From: Denys Vlasenko <vda.linux@googlemail.com>
To: roma1390 <roma1390@gmail.com>
Cc: linux-kernel@vger.kernel.org,
Andrew Morton <akpm@linux-foundation.org>,
Douglas W Jones <jones@cs.uiowa.edu>,
Michal Nazarewicz <mnazarewicz@google.com>
Subject: Re: [PATCH 0/1] vsprintf: optimize decimal conversion (again)
Date: Wed, 28 Mar 2012 12:13:07 +0200 [thread overview]
Message-ID: <201203281213.07856.vda.linux@googlemail.com> (raw)
In-Reply-To: <4F72A80F.7000801@gmail.com>
On Wednesday 28 March 2012 07:56, roma1390 wrote:
> On 2012.03.27 18:42, Denys Vlasenko wrote:
> > On Tue, Mar 27, 2012 at 2:08 PM, roma1390<roma1390@gmail.com> wrote:
> >> On 2012.03.26 21:47, Denys Vlasenko wrote:
> >>>
> >>> Please find test programs attached.
> >>>
> >>> 32-bit test programs were built using gcc 4.6.2
> >>> 64-bit test programs were built using gcc 4.2.1
> >>> Command line: gcc --static [-m32] -O2 -Wall test_{org,new}.c
> >>
> >> Can't compile reference for arm:
> >> $ arm-linux-gnueabi-gcc -O2 -Wall test_org.c -o test_org
> >> test_org.c: In function ‘put_dec’:
> >> test_org.c:101: error: impossible constraint in ‘asm’
> >> test_org.c:101: error: impossible constraint in ‘asm’
> >> test_org.c:101: error: impossible constraint in ‘asm’
> >
> > Please find a modified test_header.c attached.
> > I tested and it builds in my arm emulator.
>
>
> Run on same:
> 2.6.32-5-kirkwood #1 Tue Jan 17 05:11:52 UTC 2012 armv5tel GNU/Linux
> GCC version:
> gcc version 4.4.5 (Debian 4.4.5-8), Target: arm-linux-gnueabi
> Compiled with:
> arm-linux-gnueabi-gcc -O2 -Wall test_{org,new}.c -o test_{org,new}
>
>
> run default priority on almost idle machine:
Hmm, results are not good. Up to 8-digit conversions we were winning,
but when we start converting larger numbers, we lose big time:
123456789:2388000 2^32:2268000 2^64:1400000
123456789:1168000 2^32:976000 2^64:532000
Since ARM is 32-bit, we are using algorithm #2.

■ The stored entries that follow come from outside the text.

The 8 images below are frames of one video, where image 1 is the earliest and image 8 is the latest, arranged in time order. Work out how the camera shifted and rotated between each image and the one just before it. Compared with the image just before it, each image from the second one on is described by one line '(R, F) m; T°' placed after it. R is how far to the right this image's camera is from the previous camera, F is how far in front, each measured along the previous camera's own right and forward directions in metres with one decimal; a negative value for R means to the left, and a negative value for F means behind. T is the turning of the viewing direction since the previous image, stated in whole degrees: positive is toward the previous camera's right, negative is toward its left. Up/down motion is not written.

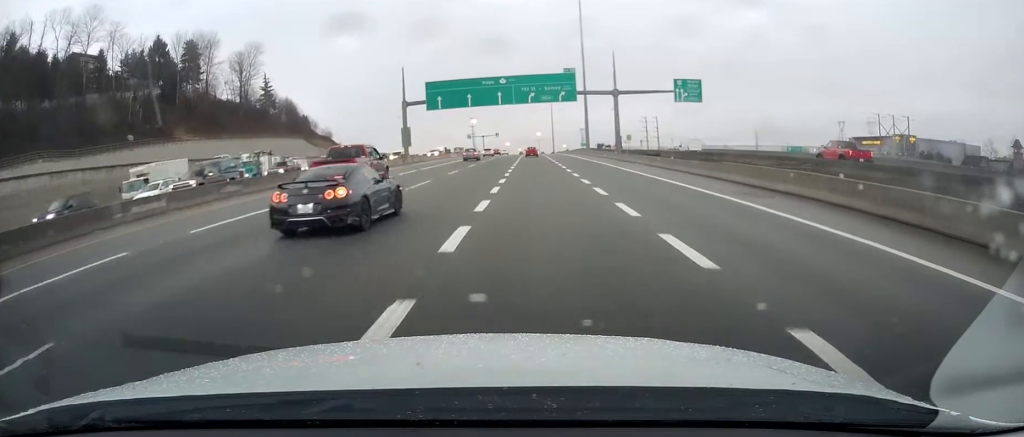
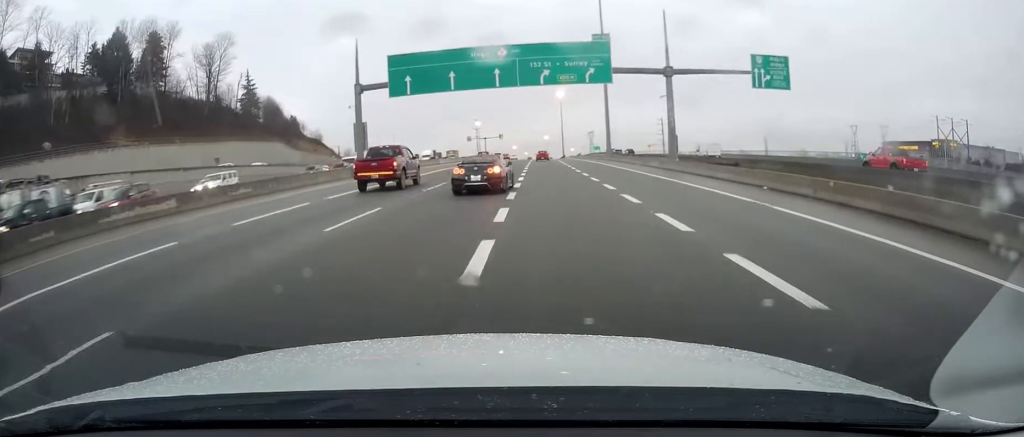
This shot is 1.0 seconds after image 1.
(0.0, +25.4) m; -1°
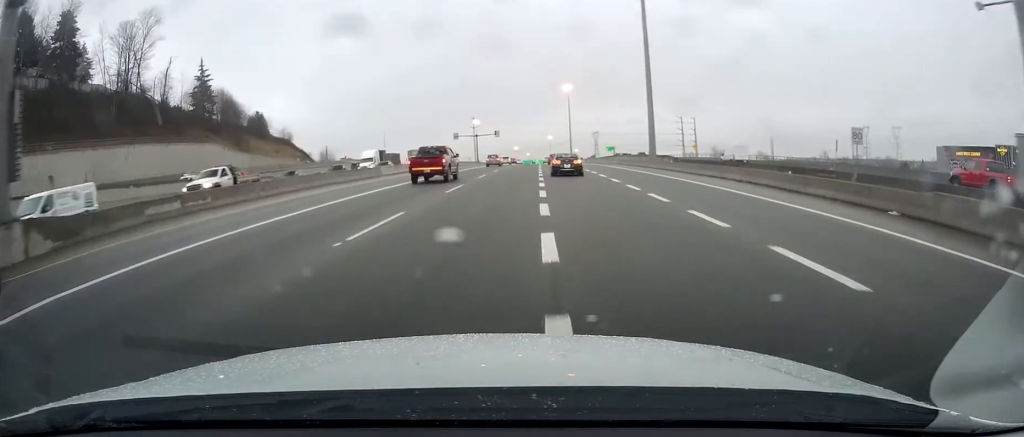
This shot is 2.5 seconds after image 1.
(-0.7, +40.4) m; 0°
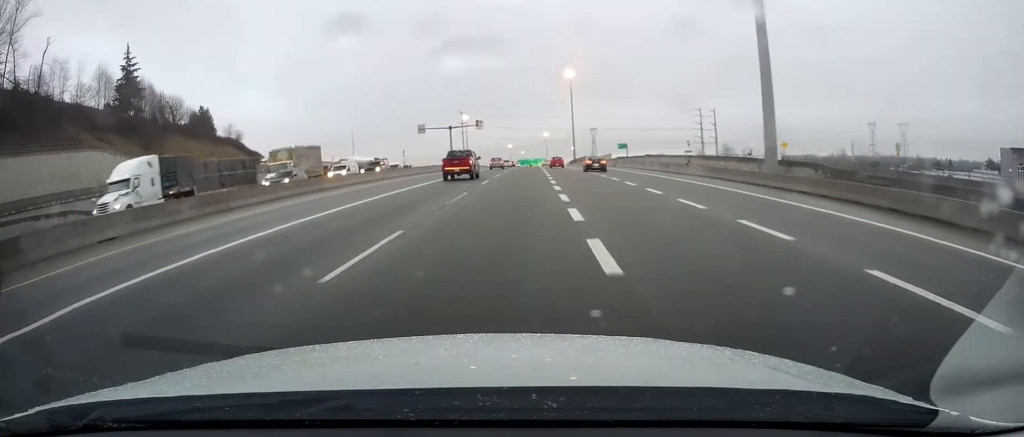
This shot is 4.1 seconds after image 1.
(+0.6, +42.4) m; +1°
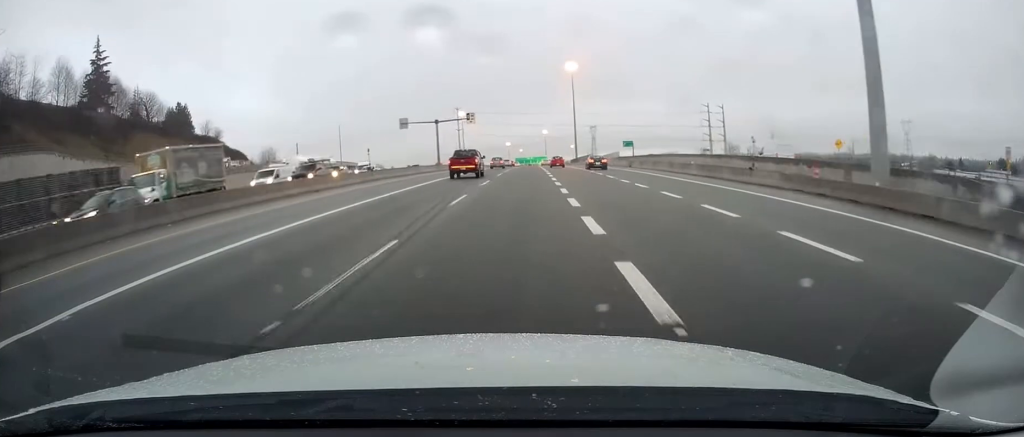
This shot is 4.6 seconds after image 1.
(+0.1, +14.2) m; -1°
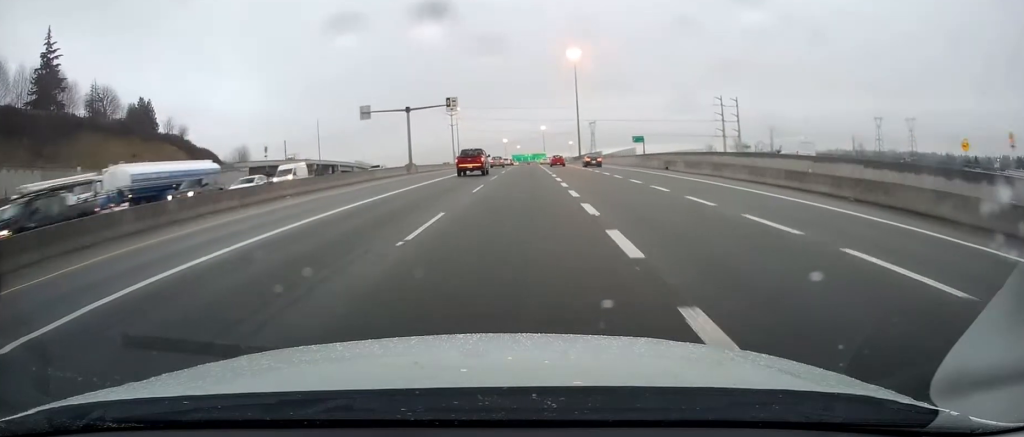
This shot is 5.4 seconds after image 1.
(-0.2, +20.4) m; 0°
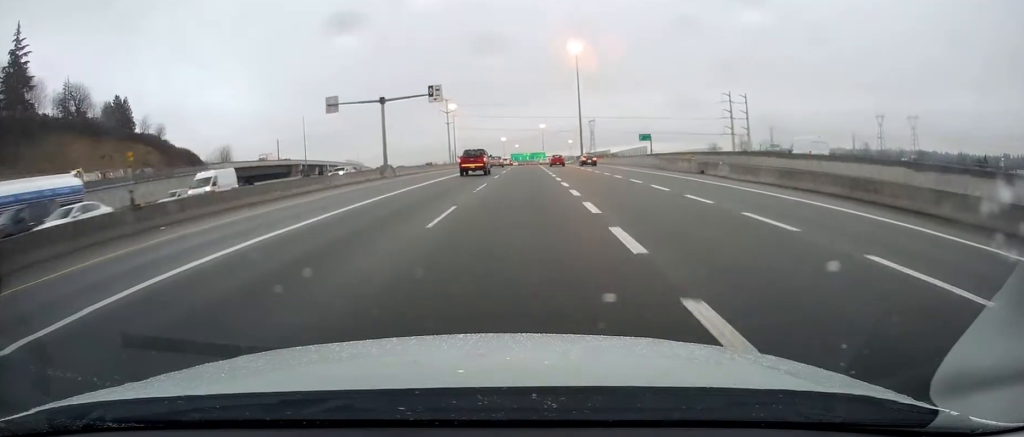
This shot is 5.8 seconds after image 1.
(-0.2, +11.6) m; 0°
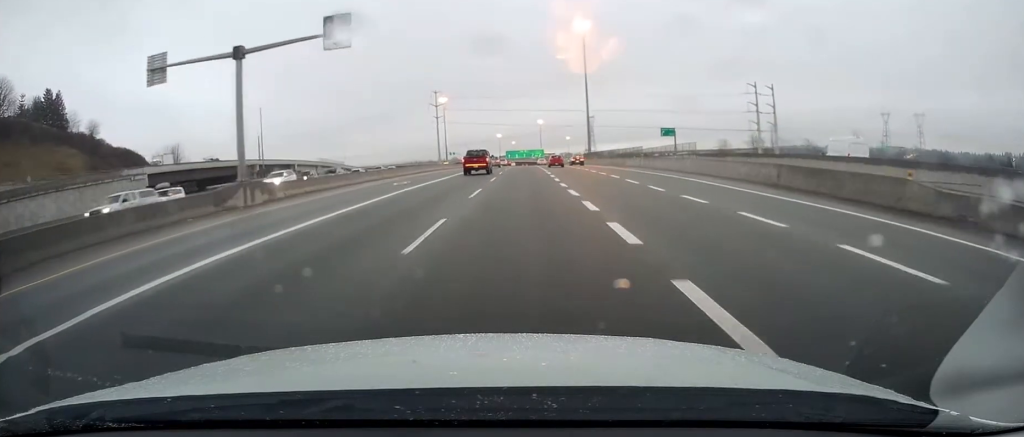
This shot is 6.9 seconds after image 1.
(+0.4, +28.7) m; 0°

It's not like algorithm #2 is intrinsically bad: on i386, it is a win
on both AMD and Intel I tested it on.
Either it's just the difference between ARM and x86, or gcc is
generating suboptimal code for it.
I would like to ask you to do a few things.
First: email me both test_org and test_new binaries.
(Privately, to not spam the list).
Second: run
arm-linux-gnueabi-gcc -O2 -Wall test_{org,new}.c -S
and email me resulting test_{org,new}.s files.
Third: switch to algorithm #1 and test whether it fares better.
To do that, go to test_new.c
and replace
#if LONG_MAX > ((1UL<<31)-1) || LLONG_MAX > ((1ULL<<63)-1)
with
#if 1 ////LONG_MAX > ((1UL<<31)-1) || LLONG_MAX > ((1ULL<<63)-1)
(there are two instances of this line there),
then recompile and rerun the test, and post the result.
When I disassemble ARM code produced by _my_ compiler,
I don't see any obviously bad things.
put_dec_trunc8 is the function which works well for you.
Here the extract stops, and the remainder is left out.